- _Required work_:
Skip the pictures and return every entry exactly as written.

(Saved data entries)
+---+

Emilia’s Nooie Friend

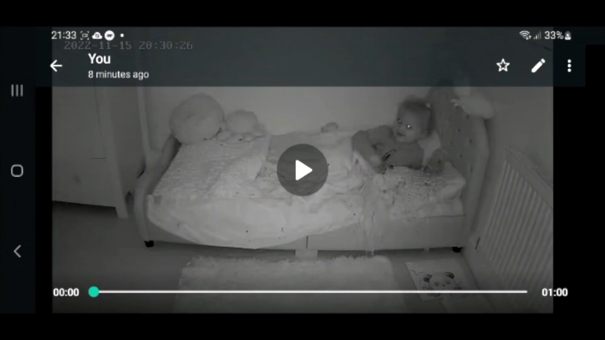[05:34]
Again, it still works on tracker, and it also still works with when you turn the light on, switches automatically over to daytime. So really quick response from the night camera. Love it.
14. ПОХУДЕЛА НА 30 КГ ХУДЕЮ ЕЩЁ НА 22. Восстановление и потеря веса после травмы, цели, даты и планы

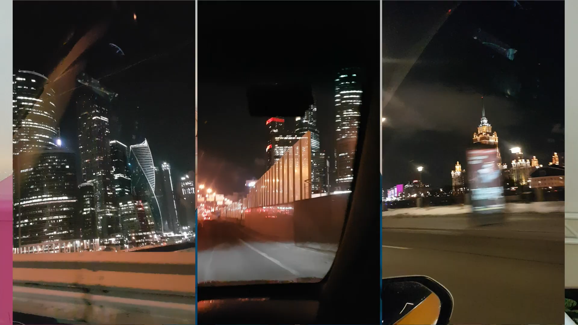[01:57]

+---+

- _Answer box_:
Emilia’s Nooie Friend

[05:34]
Again, it still works on tracker, and it also still works with when you turn the light on, switches automatically over to daytime. So really quick response from the night camera. Love it.
14. ПОХУДЕЛА НА 30 КГ ХУДЕЮ ЕЩЁ НА 22. Восстановление и потеря веса после травмы, цели, даты и планы

[01:57]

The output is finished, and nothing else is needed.